When Emma stops singing, I can’t see her face anymore. Tears cloud my vision, and I can barely hear her voice over my own sobs. I wanted so badly to give her all of that, and I couldn’t. I failed.
I’m not the perfect student, I’m not the perfect daughter, and I’m definitely not the perfect girlfriend. I’m the worst person in the world, and—
“Do you hear that, Alyssa?” Shelby asks, squeezing me tighter. “She just wanted to dance with you.”
I try to say yes, but the only sound that comes out of my throat is a broken sob.
Shelby shakes me, then starts stroking my hair. “I’m really sorry we ruined that. We suck so hard.”
If Emma were here, she’d say something like That’s why Kevin likes you, but something like that would never leave my lips. If Emma were here, I would hold her and dance with her, right here in this hallway. If Emma were here, I’d . . . I don’t know. I’d make it up to her. I’d give anything to make it up to her somehow.
Still swaying with me, Shelby says, “I think it’s really nice that she wants to try to have an everybody prom next year. I’d totally help with decorations for that. I could sew banners and make a big rainbow arch for pictures and maybe little baby cupids with rainbow diapers . . . I love rainbows!”
“Rainbows are great,” I say numbly. Then Shelby fades to me; she’s there, but separated by a strange, internal distance.
In my thoughts, I’m alone. And there’s a ticking in my brain that feels like an idea. No, like a memory. Maybe both. Suddenly, so clearly, I hear Principal Hawkins reminding me, Don’t let perfect be the enemy of good.

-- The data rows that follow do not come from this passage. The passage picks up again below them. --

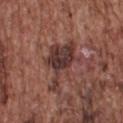This lesion was catalogued during total-body skin photography and was not selected for biopsy.
A 15 mm close-up extracted from a 3D total-body photography capture.
Measured at roughly 6 mm in maximum diameter.
From the back.
A male subject approximately 75 years of age.
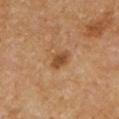Recorded during total-body skin imaging; not selected for excision or biopsy.
On the arm.
About 3 mm across.
A lesion tile, about 15 mm wide, cut from a 3D total-body photograph.
A male patient in their mid- to late 50s.
An algorithmic analysis of the crop reported a shape eccentricity near 0.65. The analysis additionally found border irregularity of about 2 on a 0–10 scale.
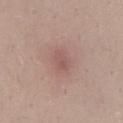<tbp_lesion>
  <biopsy_status>not biopsied; imaged during a skin examination</biopsy_status>
  <automated_metrics>
    <area_mm2_approx>5.0</area_mm2_approx>
    <eccentricity>0.75</eccentricity>
    <shape_asymmetry>0.2</shape_asymmetry>
    <cielab_L>54</cielab_L>
    <cielab_a>21</cielab_a>
    <cielab_b>23</cielab_b>
    <vs_skin_darker_L>7.0</vs_skin_darker_L>
    <nevus_likeness_0_100>10</nevus_likeness_0_100>
    <lesion_detection_confidence_0_100>100</lesion_detection_confidence_0_100>
  </automated_metrics>
  <image>
    <source>total-body photography crop</source>
    <field_of_view_mm>15</field_of_view_mm>
  </image>
  <lesion_size>
    <long_diameter_mm_approx>3.0</long_diameter_mm_approx>
  </lesion_size>
  <lighting>white-light</lighting>
  <site>lower back</site>
  <patient>
    <sex>male</sex>
    <age_approx>25</age_approx>
  </patient>
</tbp_lesion>
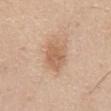biopsy_status: not biopsied; imaged during a skin examination
image:
  source: total-body photography crop
  field_of_view_mm: 15
patient:
  sex: male
  age_approx: 40
lighting: white-light
site: front of the torso
lesion_size:
  long_diameter_mm_approx: 4.0
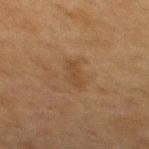This lesion was catalogued during total-body skin photography and was not selected for biopsy.
A male subject roughly 75 years of age.
A 15 mm crop from a total-body photograph taken for skin-cancer surveillance.
Located on the mid back.
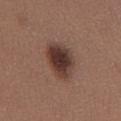Q: Was a biopsy performed?
A: imaged on a skin check; not biopsied
Q: Patient demographics?
A: female, aged approximately 55
Q: What kind of image is this?
A: ~15 mm tile from a whole-body skin photo
Q: Where on the body is the lesion?
A: the chest
Q: How large is the lesion?
A: ≈5 mm
Q: Illumination type?
A: white-light illumination
Q: What did automated image analysis measure?
A: a mean CIELAB color near L≈36 a*≈18 b*≈22 and a normalized border contrast of about 11.5
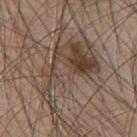{
  "patient": {
    "sex": "male",
    "age_approx": 45
  },
  "lighting": "white-light",
  "automated_metrics": {
    "border_irregularity_0_10": 10.0,
    "nevus_likeness_0_100": 30
  },
  "lesion_size": {
    "long_diameter_mm_approx": 10.5
  },
  "image": {
    "source": "total-body photography crop",
    "field_of_view_mm": 15
  },
  "site": "mid back"
}
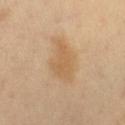Findings:
– workup: imaged on a skin check; not biopsied
– body site: the right thigh
– image: ~15 mm crop, total-body skin-cancer survey
– subject: male, aged approximately 40
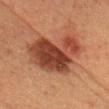Impression:
Recorded during total-body skin imaging; not selected for excision or biopsy.
Image and clinical context:
Located on the head or neck. This is a cross-polarized tile. Cropped from a total-body skin-imaging series; the visible field is about 15 mm. The recorded lesion diameter is about 8 mm. A female patient in their mid-50s. Automated tile analysis of the lesion measured a border-irregularity rating of about 4.5/10. And it measured an automated nevus-likeness rating near 90 out of 100 and a detector confidence of about 100 out of 100 that the crop contains a lesion.
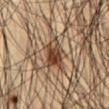<case>
  <biopsy_status>not biopsied; imaged during a skin examination</biopsy_status>
  <patient>
    <sex>male</sex>
    <age_approx>50</age_approx>
  </patient>
  <site>chest</site>
  <lighting>cross-polarized</lighting>
  <automated_metrics>
    <area_mm2_approx>11.0</area_mm2_approx>
    <eccentricity>0.6</eccentricity>
    <shape_asymmetry>0.35</shape_asymmetry>
    <cielab_L>43</cielab_L>
    <cielab_a>16</cielab_a>
    <cielab_b>29</cielab_b>
    <vs_skin_contrast_norm>9.5</vs_skin_contrast_norm>
  </automated_metrics>
  <image>
    <source>total-body photography crop</source>
    <field_of_view_mm>15</field_of_view_mm>
  </image>
  <lesion_size>
    <long_diameter_mm_approx>4.0</long_diameter_mm_approx>
  </lesion_size>
</case>
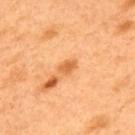Case summary:
- body site: the upper back
- tile lighting: cross-polarized
- diameter: about 2.5 mm
- subject: male, aged 48–52
- image source: ~15 mm crop, total-body skin-cancer survey
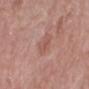follow-up=no biopsy performed (imaged during a skin exam) | patient=female, about 70 years old | diameter=≈3 mm | lighting=white-light | site=the right lower leg | imaging modality=~15 mm tile from a whole-body skin photo.
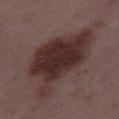<tbp_lesion>
  <biopsy_status>not biopsied; imaged during a skin examination</biopsy_status>
  <patient>
    <sex>female</sex>
    <age_approx>35</age_approx>
  </patient>
  <site>leg</site>
  <image>
    <source>total-body photography crop</source>
    <field_of_view_mm>15</field_of_view_mm>
  </image>
  <lesion_size>
    <long_diameter_mm_approx>10.5</long_diameter_mm_approx>
  </lesion_size>
  <lighting>white-light</lighting>
</tbp_lesion>
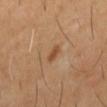notes: imaged on a skin check; not biopsied
subject: male, about 60 years old
image: total-body-photography crop, ~15 mm field of view
anatomic site: the left thigh
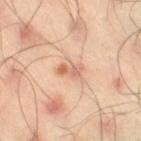Impression: The lesion was photographed on a routine skin check and not biopsied; there is no pathology result. Image and clinical context: Cropped from a whole-body photographic skin survey; the tile spans about 15 mm. An algorithmic analysis of the crop reported a nevus-likeness score of about 40/100 and a lesion-detection confidence of about 100/100. A male patient in their mid- to late 40s. Captured under cross-polarized illumination. Located on the right thigh.
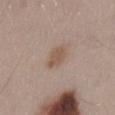Assessment:
This lesion was catalogued during total-body skin photography and was not selected for biopsy.
Image and clinical context:
The patient is a male aged approximately 55. Captured under white-light illumination. From the lower back. A roughly 15 mm field-of-view crop from a total-body skin photograph.
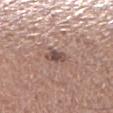• biopsy status — imaged on a skin check; not biopsied
• diameter — about 2.5 mm
• patient — female, approximately 50 years of age
• lighting — white-light
• automated lesion analysis — a mean CIELAB color near L≈48 a*≈18 b*≈21, a lesion–skin lightness drop of about 12, and a lesion-to-skin contrast of about 9 (normalized; higher = more distinct); a border-irregularity index near 2.5/10, a color-variation rating of about 2/10, and a peripheral color-asymmetry measure near 0.5
• body site — the right lower leg
• acquisition — ~15 mm tile from a whole-body skin photo
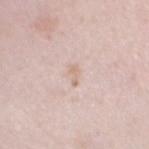{
  "patient": {
    "sex": "female",
    "age_approx": 30
  },
  "site": "chest",
  "image": {
    "source": "total-body photography crop",
    "field_of_view_mm": 15
  }
}
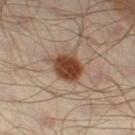The lesion was photographed on a routine skin check and not biopsied; there is no pathology result.
On the leg.
Imaged with cross-polarized lighting.
A roughly 15 mm field-of-view crop from a total-body skin photograph.
The recorded lesion diameter is about 3.5 mm.
The patient is a male aged 63 to 67.
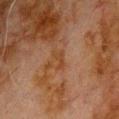Imaged during a routine full-body skin examination; the lesion was not biopsied and no histopathology is available.
Longest diameter approximately 2.5 mm.
Imaged with cross-polarized lighting.
A male subject aged 78 to 82.
The lesion-visualizer software estimated a lesion color around L≈34 a*≈19 b*≈29 in CIELAB, a lesion–skin lightness drop of about 5, and a normalized lesion–skin contrast near 6. And it measured a border-irregularity rating of about 5/10.
A 15 mm close-up tile from a total-body photography series done for melanoma screening.
Located on the upper back.
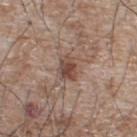| feature | finding |
|---|---|
| follow-up | catalogued during a skin exam; not biopsied |
| acquisition | ~15 mm tile from a whole-body skin photo |
| site | the back |
| subject | male, aged approximately 65 |
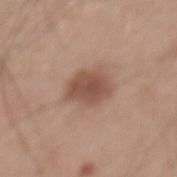workup: no biopsy performed (imaged during a skin exam)
imaging modality: 15 mm crop, total-body photography
patient: male, about 65 years old
size: about 4 mm
site: the mid back
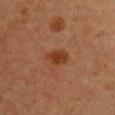Assessment: Recorded during total-body skin imaging; not selected for excision or biopsy. Acquisition and patient details: Captured under cross-polarized illumination. From the arm. Measured at roughly 3 mm in maximum diameter. A female subject aged around 55. A 15 mm close-up extracted from a 3D total-body photography capture.
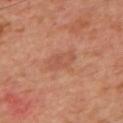follow-up — imaged on a skin check; not biopsied
lighting — cross-polarized
anatomic site — the upper back
image — ~15 mm tile from a whole-body skin photo
automated lesion analysis — a lesion area of about 6.5 mm², an eccentricity of roughly 0.85, and two-axis asymmetry of about 0.25; peripheral color asymmetry of about 1
subject — male, aged 58 to 62
size — ~4 mm (longest diameter)
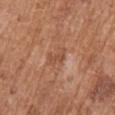Findings:
• biopsy status: catalogued during a skin exam; not biopsied
• image source: 15 mm crop, total-body photography
• image-analysis metrics: an area of roughly 4 mm² and a symmetry-axis asymmetry near 0.4; an average lesion color of about L≈51 a*≈24 b*≈33 (CIELAB) and roughly 7 lightness units darker than nearby skin; an automated nevus-likeness rating near 0 out of 100 and lesion-presence confidence of about 100/100
• subject: female, in their mid- to late 70s
• anatomic site: the arm
• size: about 3.5 mm
• lighting: white-light illumination
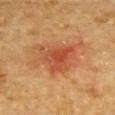Case summary:
* notes · no biopsy performed (imaged during a skin exam)
* TBP lesion metrics · an area of roughly 15 mm², an outline eccentricity of about 0.6 (0 = round, 1 = elongated), and two-axis asymmetry of about 0.4; border irregularity of about 4.5 on a 0–10 scale and peripheral color asymmetry of about 2; an automated nevus-likeness rating near 5 out of 100 and lesion-presence confidence of about 100/100
* site · the chest
* acquisition · ~15 mm crop, total-body skin-cancer survey
* patient · male, aged 83 or older
* lesion diameter · ~5 mm (longest diameter)
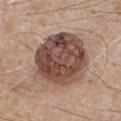| key | value |
|---|---|
| workup | no biopsy performed (imaged during a skin exam) |
| subject | male, aged 63 to 67 |
| imaging modality | ~15 mm tile from a whole-body skin photo |
| site | the chest |
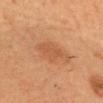This lesion was catalogued during total-body skin photography and was not selected for biopsy. From the head or neck. Imaged with cross-polarized lighting. The total-body-photography lesion software estimated a lesion area of about 6 mm², an eccentricity of roughly 0.7, and two-axis asymmetry of about 0.2. The analysis additionally found a within-lesion color-variation index near 1.5/10 and a peripheral color-asymmetry measure near 0.5. The software also gave a classifier nevus-likeness of about 45/100 and a lesion-detection confidence of about 100/100. A 15 mm close-up tile from a total-body photography series done for melanoma screening. A male patient, approximately 40 years of age.
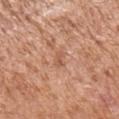A male patient, aged approximately 65. A 15 mm crop from a total-body photograph taken for skin-cancer surveillance. Longest diameter approximately 2.5 mm. The lesion is on the right upper arm.
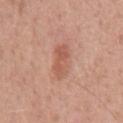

“I have to go to the principal’s office,” I say.
“You’re not going to get in trouble,” Shelby swears, dragging me into the present. “Everybody’s on their phone; they can’t put the whole school in detention.”
“No,” I say, laughing incredulously. “I need to talk to him. I need to . . . You said you’d help set up and decorate, right?”
Confused, Shelby nods. “Um, yeah?”
“Can you get the rest of the squad on board?” I ask her. “And the basketball teams, too?”
Shelby blinks at me. “Probably . . . ?”
“All right, do that.” I peel out of her grip but grab her arms. “I have to go.”
And then I plant a kiss on her cheek and run. The halls are full of Emma’s song, echoing everywhere. Probably, certainly, there are people mocking it. But I see more people crying because of it. Touching their hearts and watching again.
Butcher paper posters on the wall flap as I run by, and when I burst into the front office, the secretary yelps and jumps a little. Her face is tear-streaked, too. I can’t see what’s on her monitor, but I can guess.
“I need to see Principal Hawkins,” I say.
“I can check and see if he’s busy—” she starts, but I ignore her and head straight there. Through the window, I see he’s on the phone, so I do knock first. But I also let myself in without waiting for an answer. Then, I lean back against the door to shut it and hold it closed. I’m not going to be dragged away by security or the school secretary.
Calmly, Principal Hawkins tells the person on the other line that he’ll call back, and he resets the receiver. With raised brows, he leans back in his chair and steeples his hands. “Miss Greene.”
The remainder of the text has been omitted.